"""
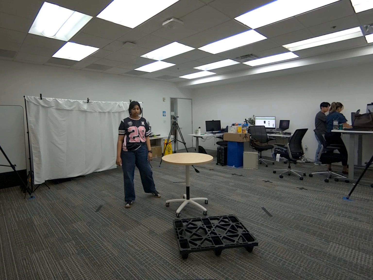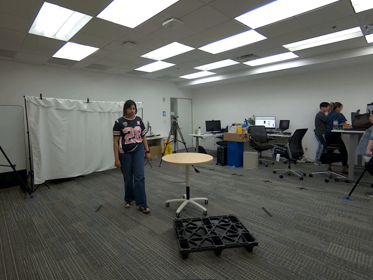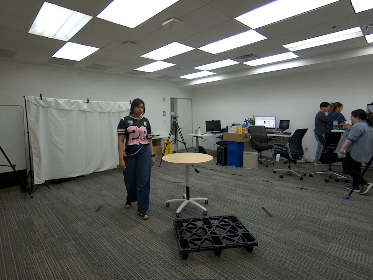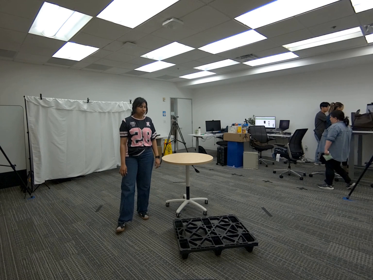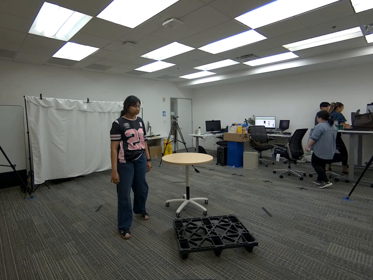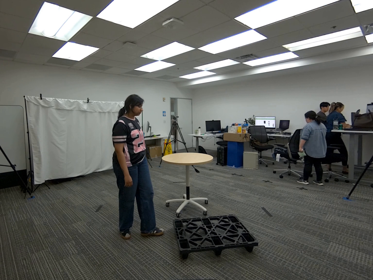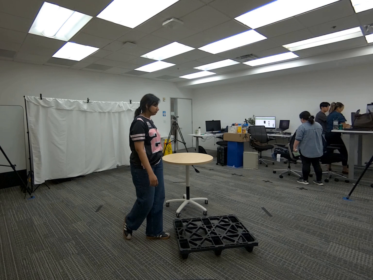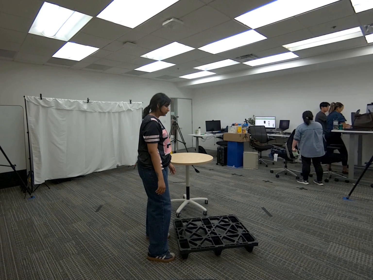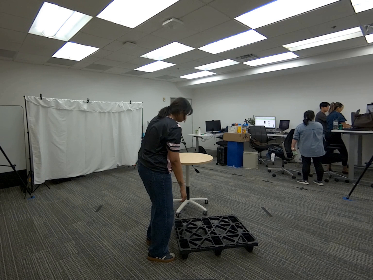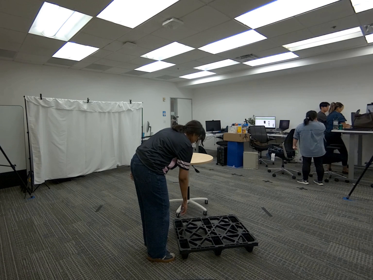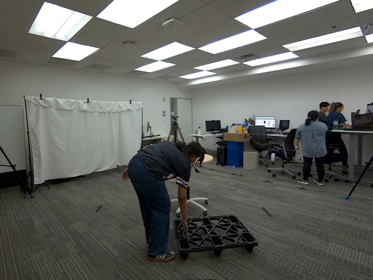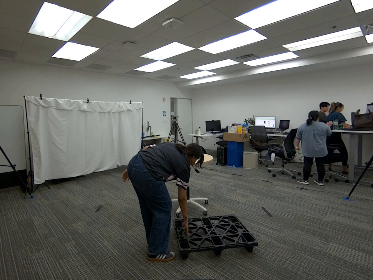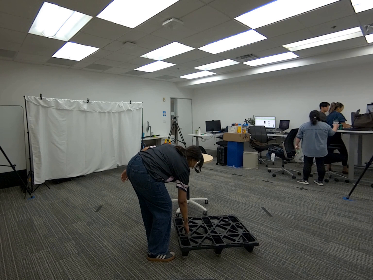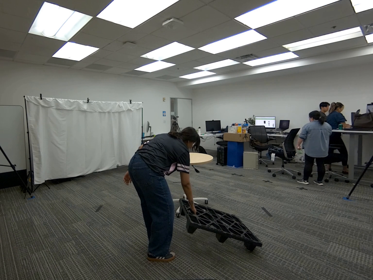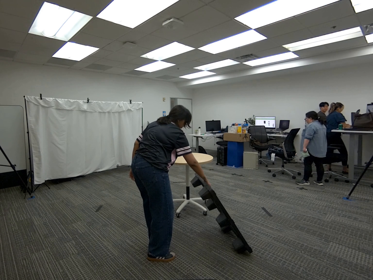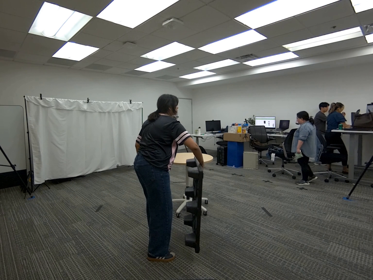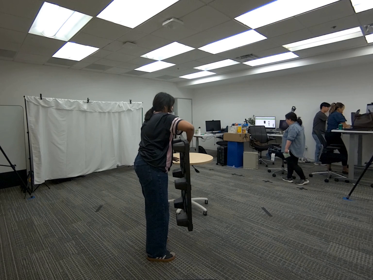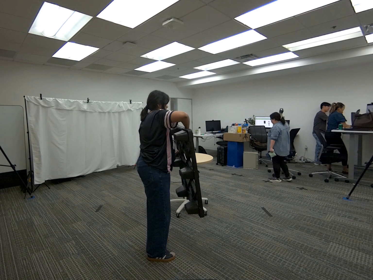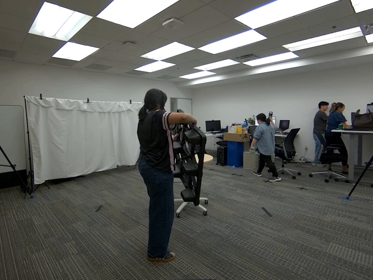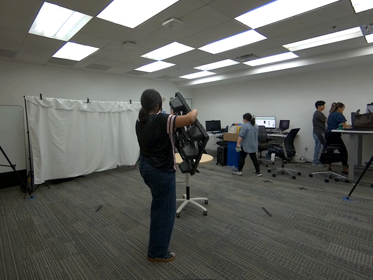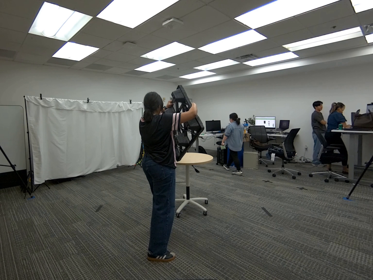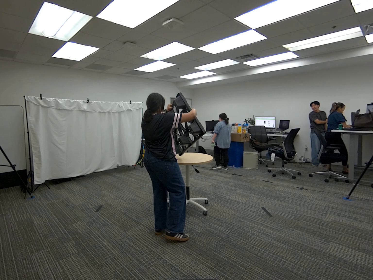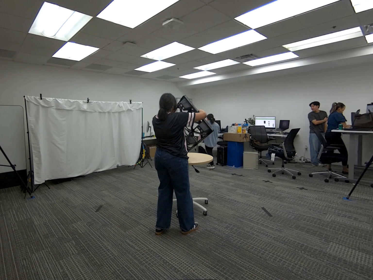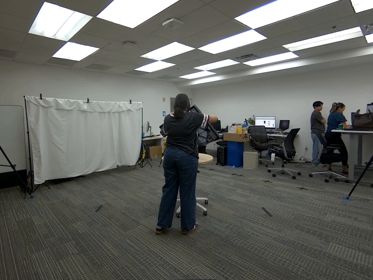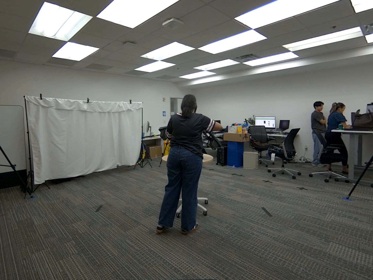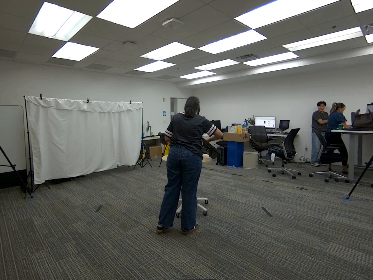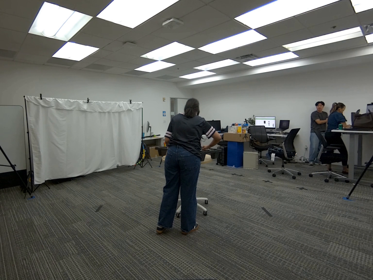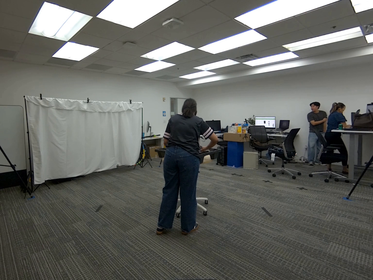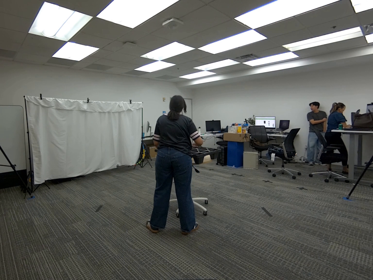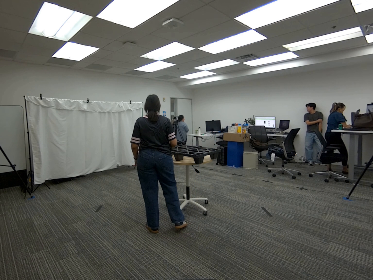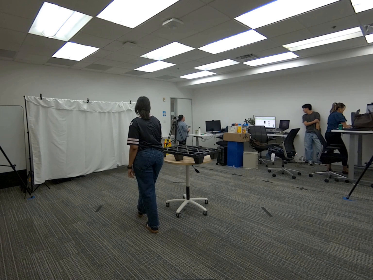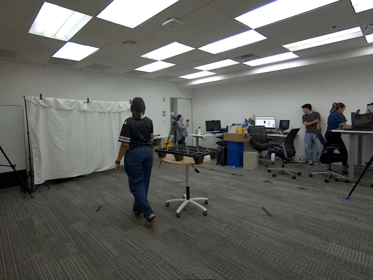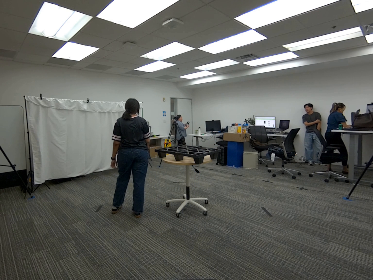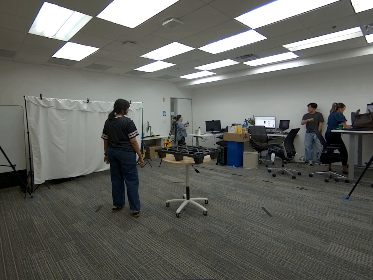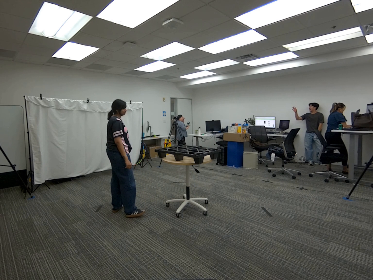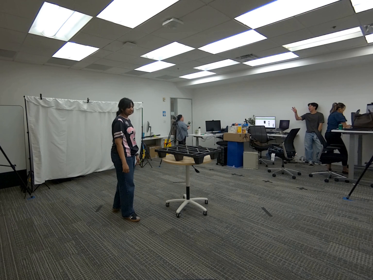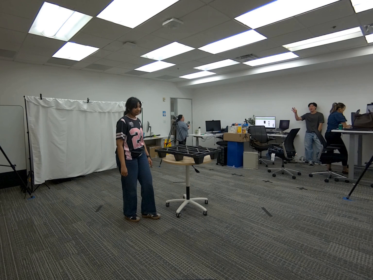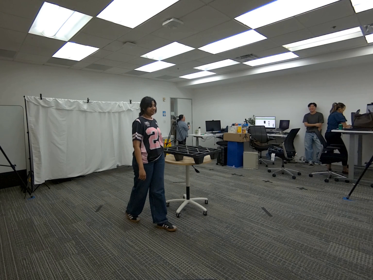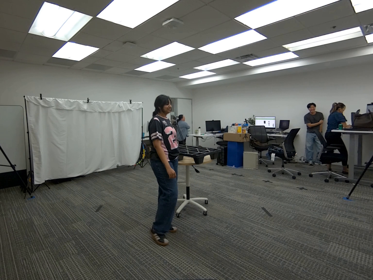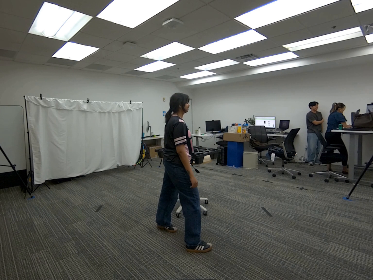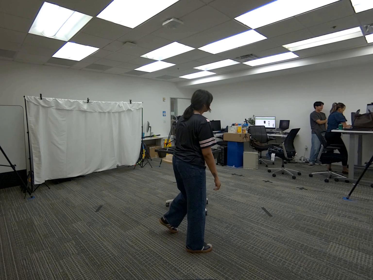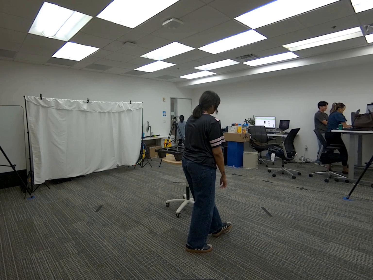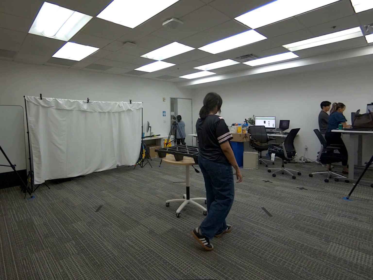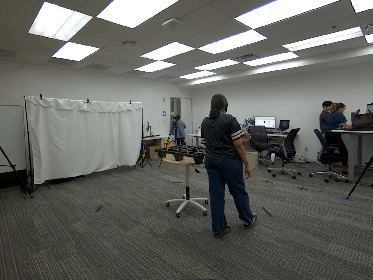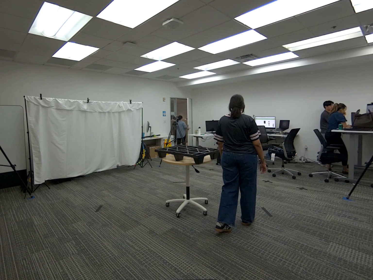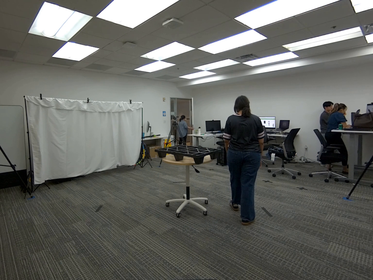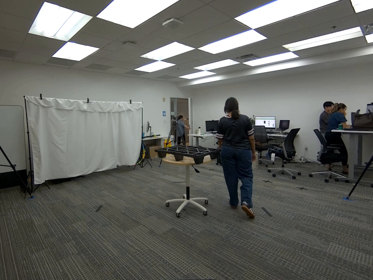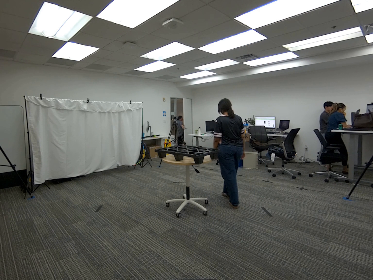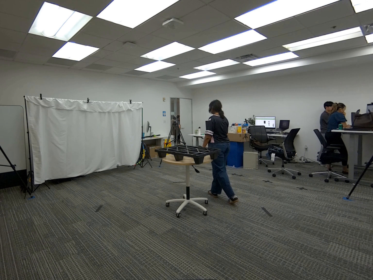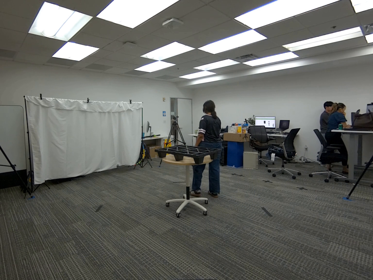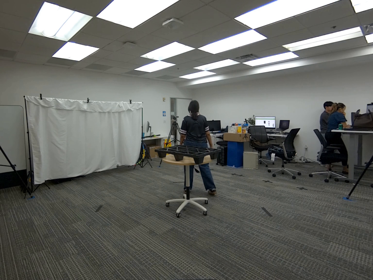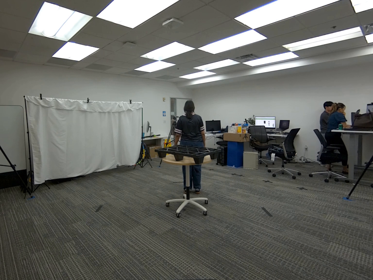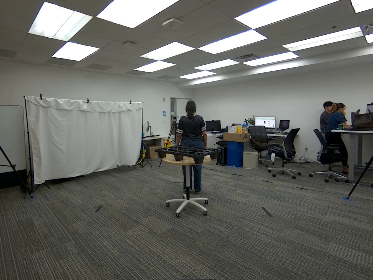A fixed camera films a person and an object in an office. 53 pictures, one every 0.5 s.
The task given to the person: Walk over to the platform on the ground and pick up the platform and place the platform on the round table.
"""
"""
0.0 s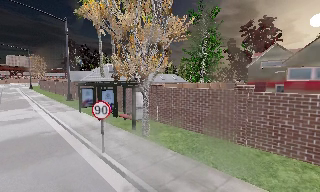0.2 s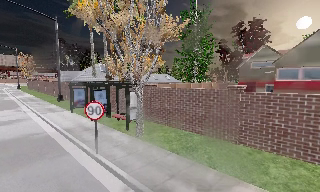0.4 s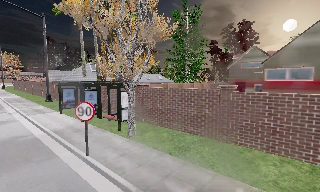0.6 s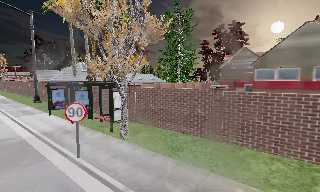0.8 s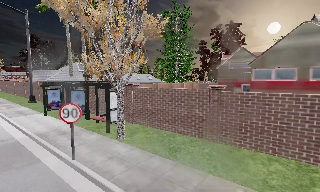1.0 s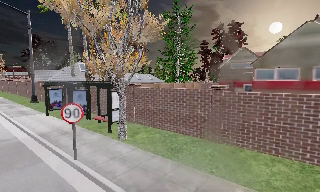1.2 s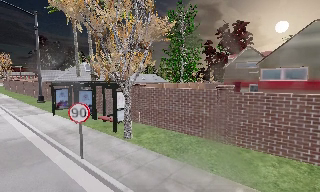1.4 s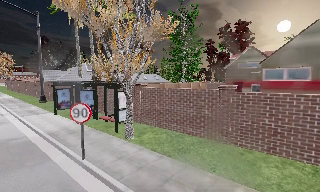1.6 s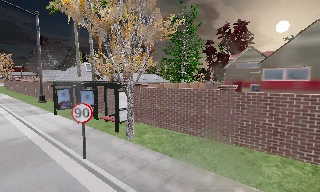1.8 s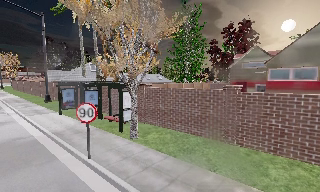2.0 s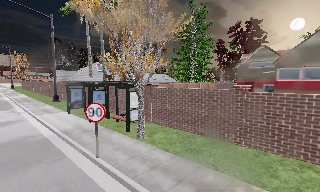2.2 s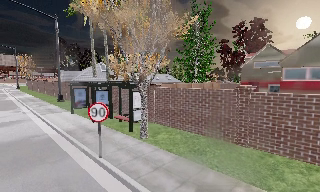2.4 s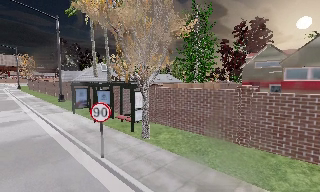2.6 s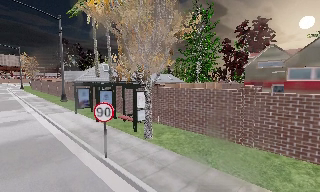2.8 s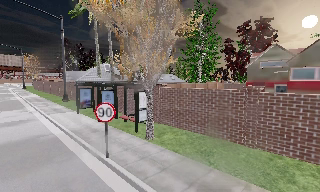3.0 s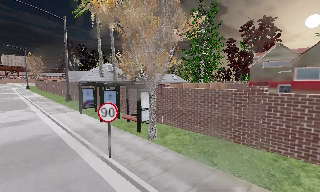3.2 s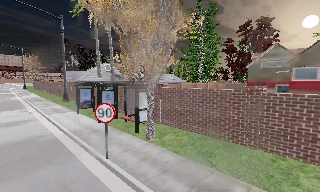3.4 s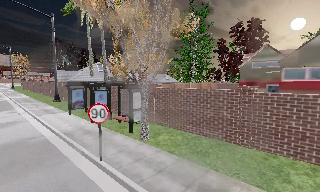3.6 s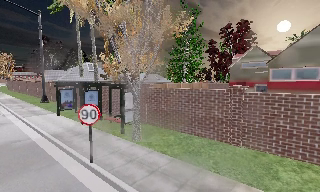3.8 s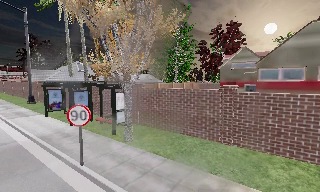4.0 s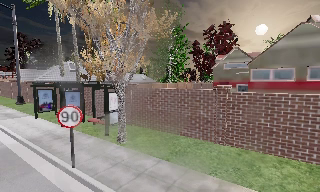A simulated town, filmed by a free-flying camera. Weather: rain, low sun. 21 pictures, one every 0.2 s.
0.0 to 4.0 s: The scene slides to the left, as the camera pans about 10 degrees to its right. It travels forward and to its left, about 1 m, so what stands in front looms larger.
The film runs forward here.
"""
"""
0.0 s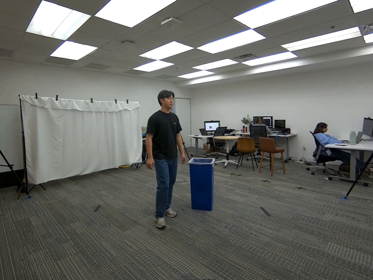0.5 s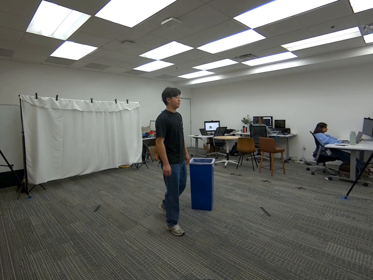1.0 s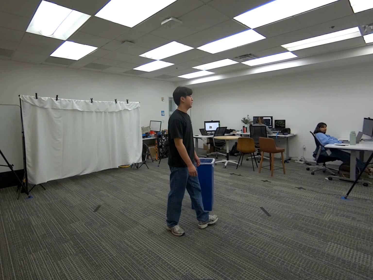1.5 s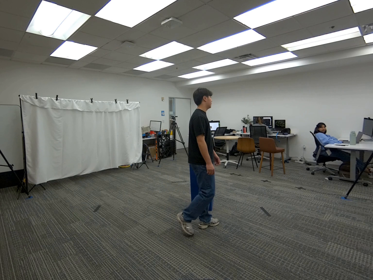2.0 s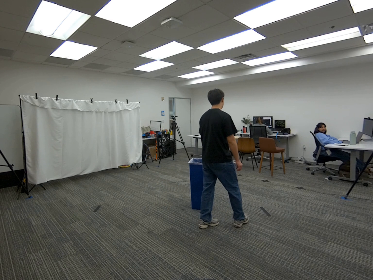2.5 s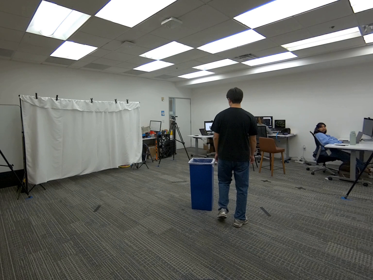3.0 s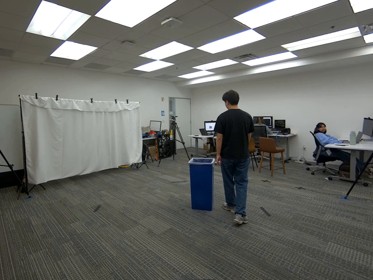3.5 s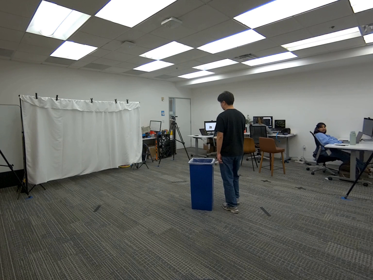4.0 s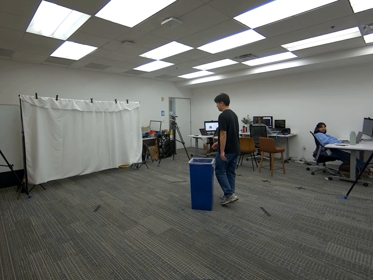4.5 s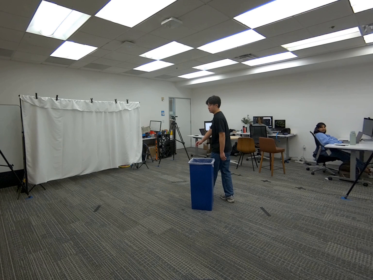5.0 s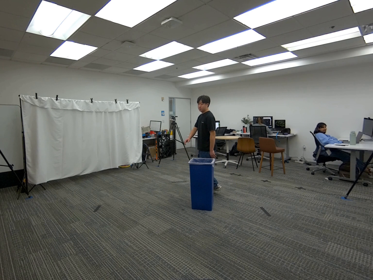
"""
--- Instructions to follow ---
Reproduce word for word, with pictures dropped, only the part of the material above that opens with the line containing "A fixed camera" and closes with the line containing "The task given".

--- Exercise solution ---
A fixed camera films a person and an object in an office. 53 pictures, one every 0.5 s.
The task given to the person: Walk over to the platform on the ground and pick up the platform and place the platform on the round table.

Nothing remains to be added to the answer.